Authors: Avita K. Marihal, K.S. Jagadeesh, Sarita Sinha

Abstract:

Pentachlorophenol (PCP) is a polychlorinated aromatic compound that is widespread in industrial effluents and is considered to be a serious pollutant. Among the variety of industrial effluents encountered, effluents from tanning industry are very important and have a serious pollution potential. PCP is also formed unintentionally in effluents of paper and pulp industries. It is highly persistent in soils and is lethal to a wide variety of beneficial microorganisms and insects, human beings and animals. The natural processes that breakdown toxic chemicals in the environment have become the focus of much attention to develop safe and environmentfriendly deactivation technologies. Microbes and plants are among the most important biological agents that remove and degrade waste materials to enable their recycling in the environment. The present investigation was carried out with the aim of developing a microbial system for bioremediation of PCP polluted soils. A number of plant species were evaluated for their ability to tolerate different concentrations of pentachlorophenol (PCP) in the soil. The experiment was conducted for 30 days under pot culture conditions. The toxic effect of PCP on plants was studied by monitoring seed germination, plant growth and biomass. As the concentration of PCP was increased to 50 ppm, the inhibition of seed germination, plant growth and biomass was also increased.

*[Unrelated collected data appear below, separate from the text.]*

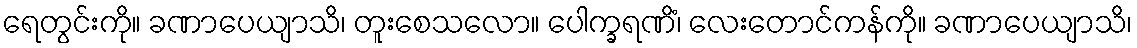
ရေတွင်းကို။ ခဏာပေယျာသိ၊ တူးစေသလော။ ပေါက္ခရဏိံ၊ လေးတောင်ကန်ကို။ ခဏာပေယျာသိ၊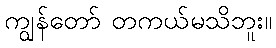
ကျွန်တော် တကယ်မသိဘူး။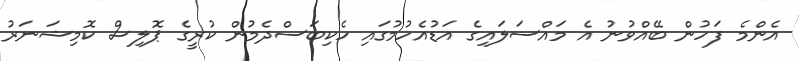
އެންމެ ފަހުން ބޭއްވުނު އެ މައްސަލައިގެ އަޑުއެހުމުގައި ހެކިބަސްދެމުން ކުރީގެ ޕޮލިސް ކޮމިޝަނަރު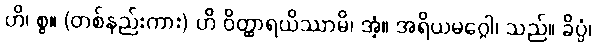
ဟိ၊ စွ။ (တစ်နည်းကား) ဟိ ဝိတ္ထာရယိဿာမိ၊ အံ့။ အရိယမဂ္ဂေါ၊ သည်။ ခိပ္ပံ၊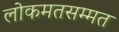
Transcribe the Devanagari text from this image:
लोकमतसम्मत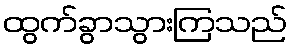
ထွက်ခွာသွားကြသည်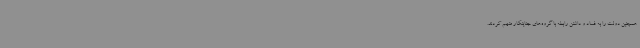
همچنین دولت را به فساد و داشتن رابطه با گروه‌های جنایتکار متهم کردند.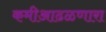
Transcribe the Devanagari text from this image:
कमीआढळणारा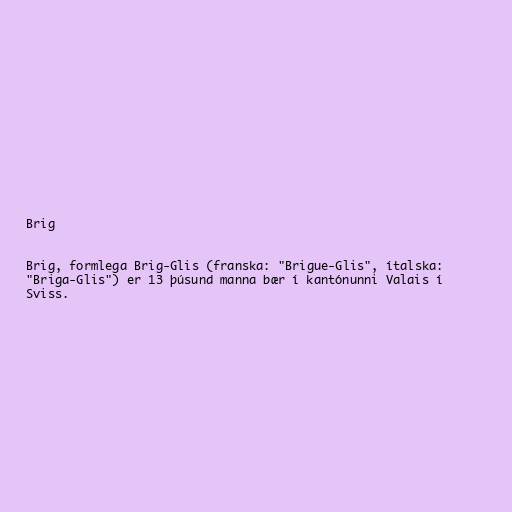
Brig

Brig, formlega Brig-Glis (franska: "Brigue-Glis", ítalska:
"Briga-Glis") er 13 þúsund manna bær í kantónunni Valais í
Sviss.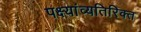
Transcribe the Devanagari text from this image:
पक्ष्यांव्यतिरिक्त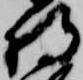
将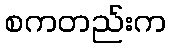
စကတည်းက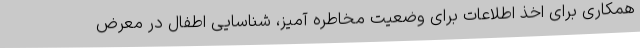
همکاری برای اخذ اطلاعات برای وضعیت مخاطره آمیز، شناسایی اطفال در معرض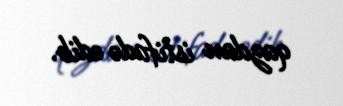
qazdan istifadə edib.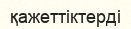
қажеттіктерді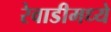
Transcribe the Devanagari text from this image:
रेवाडीमध्ये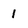
Character: 1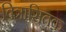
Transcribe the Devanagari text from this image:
वित्रासितक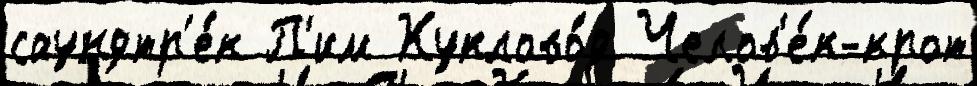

Although PCP had a negative effect on all plant species tested, maize and groundnut showed the maximum tolerance to PCP. Other tolerating crops included wheat, safflower, sunflower, and soybean. From the rhizosphere soil of the tolerant seedlings, as many as twenty seven PCP tolerant bacteria were isolated. From soybean, 8; sunflower, 3; safflower 8; maize 2; groundnut and wheat, 3 each isolates were made. They were screened for their PCP degradation potentials. HPLC analyses of PCP degradation revealed that the isolate MAZ-2 degraded PCP completely. The isolate MAZ-1 was the next best isolate with 90 per cent PCP degradation. These strains hold promise to be used in the bioremediation of PCP polluted soils.